Het is 1905, en het zusje van Thomas Richardson (Dan Stevens uit Legion ) is ontvoerd door een mysterieuze sekte op een eiland (gefilmd aan de kust van Wales). Broerlief gaat undercover, en besluit zich aan te sluiten bij deze religieuze fanaten, die onder leiding staan van de manipulatieve profeet Malcolm (Michael Sheen uit Good Omens ). Zijn tocht verloopt eerst via trein, en dan – nadat de gegadigden hun boeken (die zijn duivels, of zoiets) hebben afgestaan – volgt een onstuimige tocht per boot. Dat een lammetje vanaf het dek al bloedend naar beneden kukelt, voorspelt weinig goeds (denk aan Lucifer, de gevallen engel, en het Lam Gods). Aan religieuze allegorieën geen gebrek in deze Victoriaanse horrorwestern.
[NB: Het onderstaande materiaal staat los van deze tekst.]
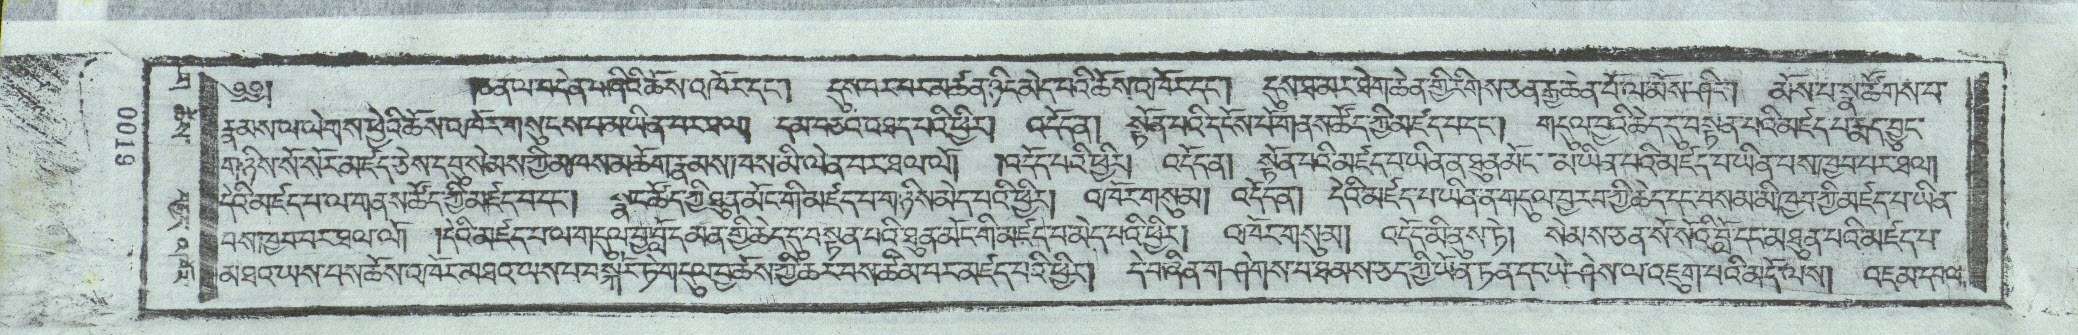༄༅། །ཅན་ལ་བདེན་བཞིའི་ཆོས་འཁོར་དང་། དུས་བར་བར་མཚན་ཉིད་མེད་པའི་ཆོས་འཁོར་དང་། དུས་ཐ་མར་ཐེག་ཆེན་གྱི་རིགས་ཅན་རྒྱ་ཆེན་པོ་ལ་མོས་ཤིང་། མོས་པ་སྣ་ཚོགས་པ་
རྣམས་ལ་ལེགས་ཕྱེའི་ཆོས་འཁོར་གསུངས་པ་མ་ཡིན་པར་ཐལ། དམ་བཅའ་འཐད་པའི་ཕྱིར། འདོད་ན། སྟོན་པའི་དངོས་པོ་གནས་ཚོད་ཀྱི་མཛད་པ་དང་། གདུལ་བྱའི་ཆེད་དུ་བསྟན་པའི་མཛད་པ་རྨད་བྱུང་
གཉིས་སོ་སོར་མཛད་ཅེས་དབུ་སེམས་ཀྱི་མཁས་མཆོག་རྣམས་ཁས་མི་ལེན་པར་ཐལ་ལོ། །འདོད་པའི་ཕྱིར། འདོད་ན། སྟོན་པའི་མཛད་པ་ཡིན་ན་ཐུན་མོང་མ་ཡིན་པའི་མཛད་པ་ཡིན་པས་ཁྱབ་པར་ཐལ།
དེའི་མཛད་པ་ལ་གནས་ཚོད་ཀྱི་མཛད་པ་དང་། སྣང་ཚོད་ཀྱི་ཐུན་མོང་གི་མཛད་པ་གཉིས་མེད་པའི་ཕྱིར། འཁོར་གསུམ། འདོད་ན། དེའི་མཛད་པ་ཡིན་ན་གདུལ་བྱ་རབ་ཀྱི་ཆེད་དང་བསམ་མི་ཁྱབ་ཀྱི་མཛད་པ་ཡིན་
པས་ཁྱབ་པར་ཐལ་ལོ། །དེའི་མཛད་པ་ལ་གདུལ་བྱ་བློ་དམན་གྱི་ཆེད་དུ་བསྟན་པའི་ཐུན་མོང་གི་མཛད་པ་མེད་པའི་ཕྱིར། འཁོར་གསུམ། འདོད་མི་ནུས་ཏེ། སེམས་ཅན་སོ་སོའི་བློ་དང་མཐུན་པའི་མཛད་པ་
མཐའ་ཡས་པས་ཆོས་འཁོར་མཐའ་ཡས་པ་བསྐོར་ཏེ་གདུལ་བྱ་ཆོས་ཀྱི་ཆར་བས་ཆིམ་པར་མཛད་པའི་ཕྱིར། དེ་བཞིན་གཤེགས་པ་ཐམས་ཅད་ཀྱི་ཡོན་ཏན་དང་ཡེ་ཤེས་ལ་འཇུག་པའི་མདོ་ལས། འཇམ་དཔལ་

Richardson wordt vervolgens, na een barre tocht over grillige heuvels, als nieuweling onthaald in een idyllische vallei waar men streng in de leer is – profeet Malcolm predikt over ‘de godin van dit eiland die mijn tong uitkoos om haar woorden te bezigen’. Wie overigens een zonde begaat, wordt zwaar gestraft: de bewoners, met Malcolm voorop, hebben allerlei vindingrijke werktuigen bedacht – waaronder een lobotomie – om andersdenkenden weer op het rechte pad te krijgen. Ordetroepen zorgen ervoor dat de decreten van hun leider worden bekrachtigd, en treden op tegen indringers van buitenaf, die de ‘heidense’ beweging willen ontmantelen.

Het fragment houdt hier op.